PEKANBARU - Lembaga Riset dan Advokasi Kebijakan The Prakarsa menilai langkah pemerintah untuk meningkatkan tarif pajak pertambahan nilai (PPN) dari 11% menjadi 12 persen akan semakin memberatkan kelas menengah dan kecil.
“Kebijakan untuk terus melanjutkan kenaikan PPN menjadi 12 persen di tengah menurunnya daya beli masyarakat ini rasanya tidak tepat. Deflasi yang tidak terkendali dapat menciptakan lingkaran deflasi saat konsumsi menurun, pertumbuhan melemah, dan tekanan harga semakin besar, kenaikan PPN hanya akan memperparah kondisi ini,” ujar Peneliti The Prakarsa Samira Hanim dalam keterangan resmi yang diterima pada Selasa (26/11/2024).
Menurut dia, pajak tidak hanya berperan sebagai sumber penerimaan negara tetapi juga alat redistribusi kekayaan, pemerintah perlu meningkatkan pajak progresif yang menargetkan individu super kaya atau ultra high net worth individuals (UHNWI).
Langkah ini sejalan dengan komitmen negara-negara G-20 untuk memastikan UHNWI membayar pajak secara adil dan efektif, sebagaimana tertuang dalam G-20 Rio de Janeiro Leaders’ Declaration.
“Kenaikan PPN 12 persen ini justru menyalahi asas keadilan pajak itu sendiri. Pengenaan PPN yang bersifat objektif, tidak memandang siapa yang dikenakan justru menyalahi asas keadilan tersebut. Orang kaya akan mengeluarkan nominal pajak yang sama dengan orang miskin ketika dihadapkan pada pembelian suatu barang dan jasa kena pajak.” kata Samir.
Di Indonesia, jumlah UHNWI terus meningkat dan mereka malah mendapatkan banyak keringanan pajak.

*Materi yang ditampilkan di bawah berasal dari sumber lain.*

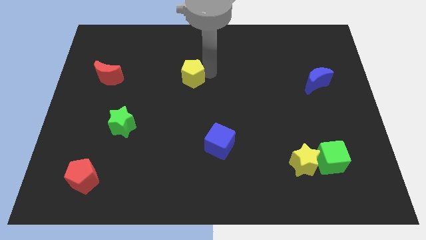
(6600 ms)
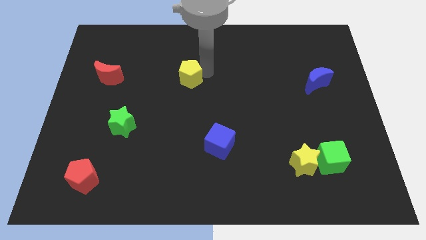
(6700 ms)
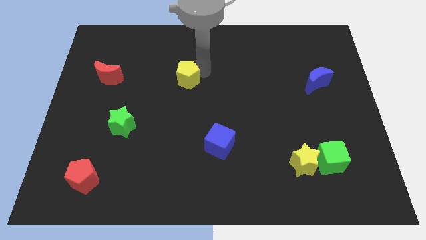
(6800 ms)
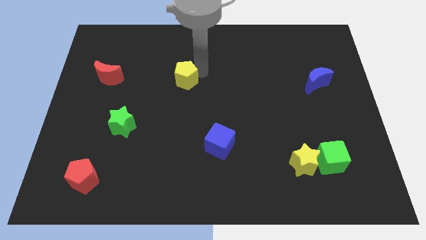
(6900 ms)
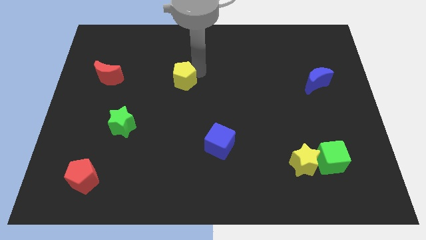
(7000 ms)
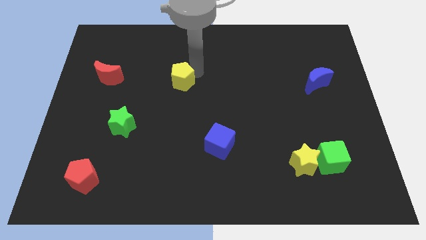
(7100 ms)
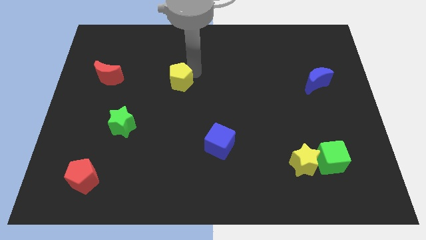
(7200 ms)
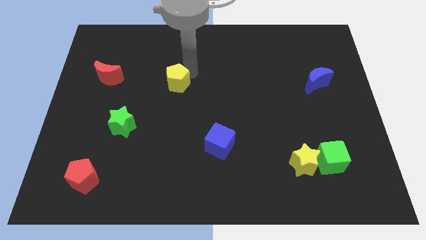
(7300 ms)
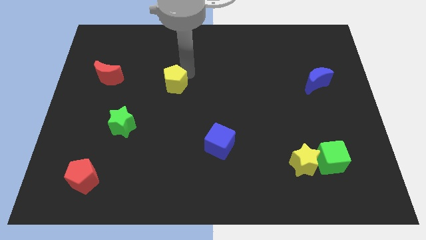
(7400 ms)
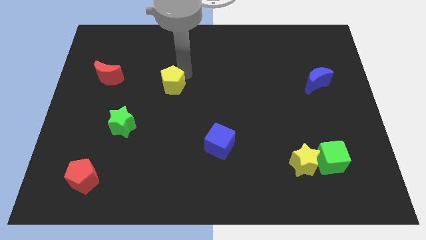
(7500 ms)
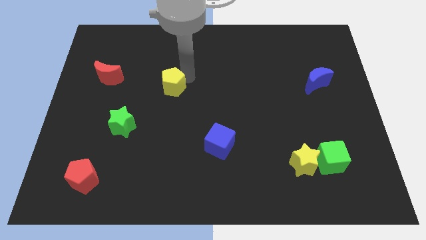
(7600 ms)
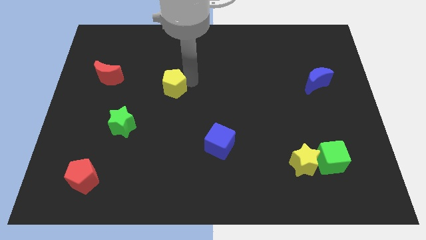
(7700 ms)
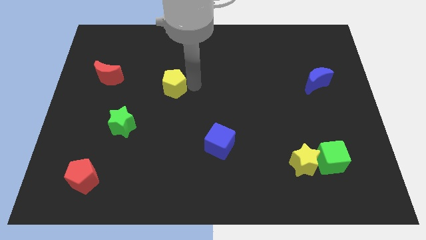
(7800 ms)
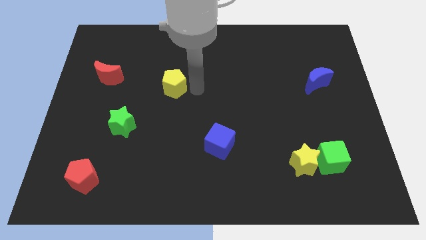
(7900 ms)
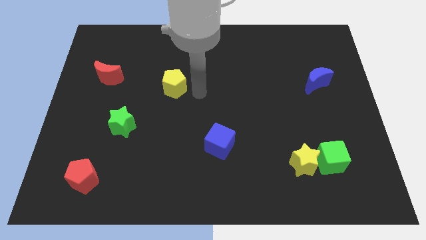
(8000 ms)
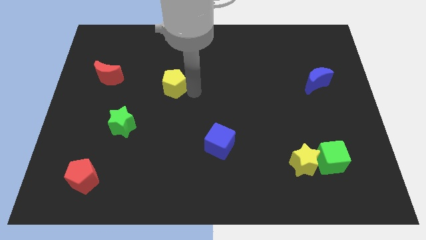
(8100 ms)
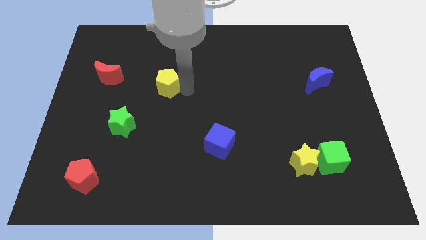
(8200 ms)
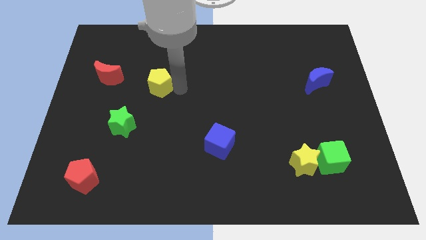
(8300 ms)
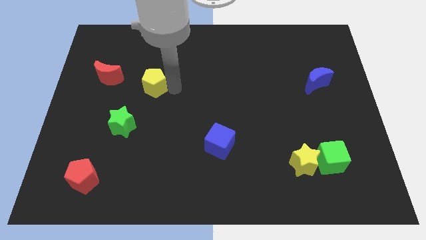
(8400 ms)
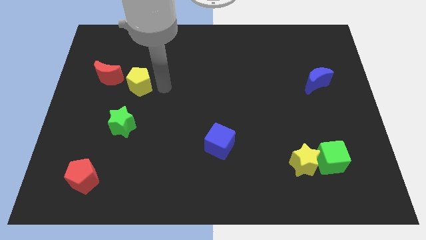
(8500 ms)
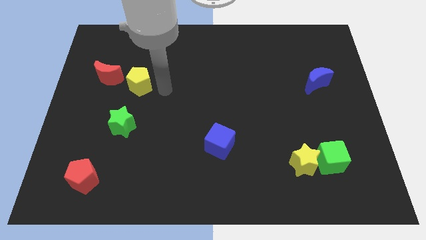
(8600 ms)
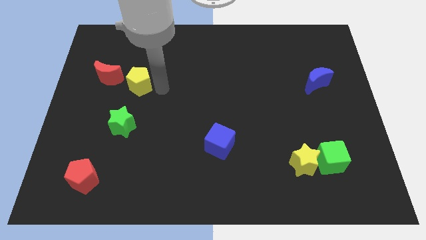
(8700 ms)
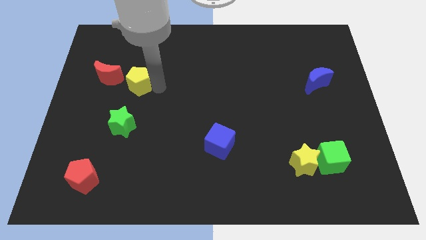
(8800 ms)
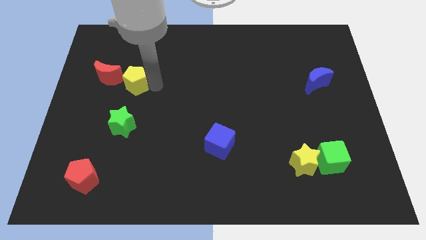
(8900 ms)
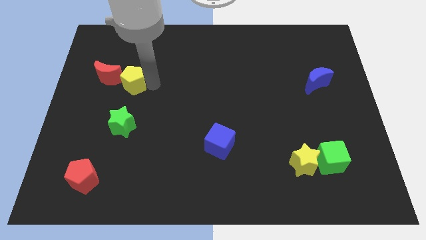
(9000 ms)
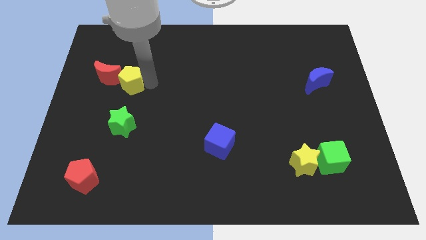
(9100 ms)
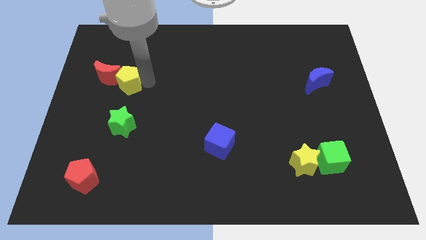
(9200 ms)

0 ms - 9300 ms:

The Wealth Report 2024 memproyeksikan pertumbuhan sebesar 34,1%, dari 1.479 individu pada 2023 menjadi 1.984 individu pada 2028.
Tren ini diperkuat oleh struktur pajak yang lebih menguntungkan pendapatan dari modal seperti keuntungan modal (capital gains) dan dividen, yang umumnya dikenakan tarif pajak lebih rendah dibandingkan penghasilan kerja.
Di Indonesia, pendapatan kerja (income) atau PPh (pajak penghasilan) dikenakan pajak progresif hingga 35 persen , sedangkan pendapatan pasif seperti dividen atau keuntungan modal hanya dikenakan tarif hingga 25 persen.
Selain tarif pajak yang lebih rendah atas pendapatan pasif yang mendominasi kekayaan individu super kaya, mereka juga memanfaatkan strategi penghindaran pajak seperti menunda realisasi keuntungan modal, tidak membagikan dividen, atau menggunakan perusahaan holding untuk mengalihkan keuntungan.
Implikasinya, orang super kaya membayar pajak dengan persentase yang lebih kecil dibandingkan masyarakat berpenghasilan menengah dan bawah yang mengandalkan pendapatan aktif yang terus tergerus baik dari PPN maupun PPh.
Peneliti The Prakarsa Farhan Medio mengatakan kebijakan kenaikan tarif PPN bersifat regresif. Kanaikan pajak ini membuat kelompok termiskin harus menanggung dampak yang lebih signifikan dibandingkan kelompok kaya. Kebijakan ini juga berpotensi memperlebar kesenjangan ekonomi.
Riset The Prakarsa mengestimasi terdapat potensi tambahan penerimaan negara sebesar Rp 78,5 triliun-Rp 155,3 triliun apabila diberlakukan pajak kekayaan pada individu dengan kekayaan bersih lebih dari US$ 10 juta (Rp 155 miliar) dengan tarif progresif 1 persen-4 persen.
Pajak kekayaan dapat memastikan prinsip keadilan bahwa tingkat pajak efektif orang kaya tidak lebih rendah dibandingkan kelompok lainnya, sekaligus mendukung fungsi redistribusi ekonomi. Dengan melengkapi langkah ini melalui pengetatan aturan penghindaran pajak dan penegakan hukum yang kuat, Indonesia dapat menciptakan sistem perpajakan yang lebih progresif, adil, dan inklusif.
“Pengenalan pajak kekayaan (wealth tax) menjadi langkah penting untuk menyeimbangkan beban pajak,” tutur dia terkait kenaikan PPN menjadi 12 persen.